## Records for this exercise
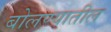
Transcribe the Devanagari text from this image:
बोलण्यातील
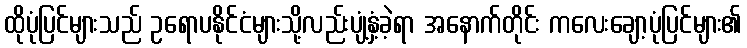
ထိုပုံပြင်များသည် ဥရောပနိုင်ငံများသို့လည်းပျံ့နှံ့ခဲ့ရာ အနောက်တိုင်း ကလေးချော့ပုံပြင်များ၏
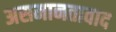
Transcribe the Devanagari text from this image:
असमानतावाद
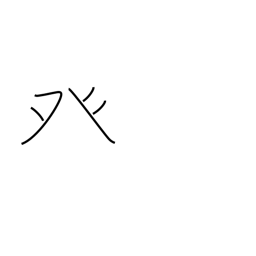
Meaning: dotted tent radical (no. 105)
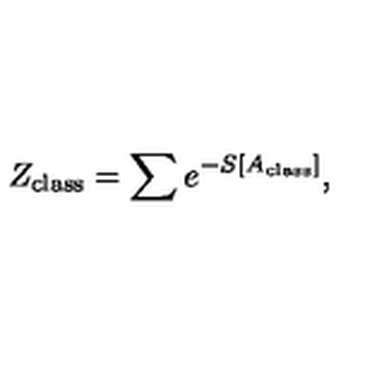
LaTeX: Z _ { \mathrm { c l a s s } } = \sum e ^ { - S [ A _ { \mathrm { c l a s s } } ] } ,

## Instructions for the task
Output the entries above exactly. Drop the pictures.

## The answer
Transcribe the Devanagari text from this image:
बोलण्यातील
ထိုပုံပြင်များသည် ဥရောပနိုင်ငံများသို့လည်းပျံ့နှံ့ခဲ့ရာ အနောက်တိုင်း ကလေးချော့ပုံပြင်များ၏
Transcribe the Devanagari text from this image:
असमानतावाद
Meaning: dotted tent radical (no. 105)
LaTeX: Z _ { \mathrm { c l a s s } } = \sum e ^ { - S [ A _ { \mathrm { c l a s s } } ] } ,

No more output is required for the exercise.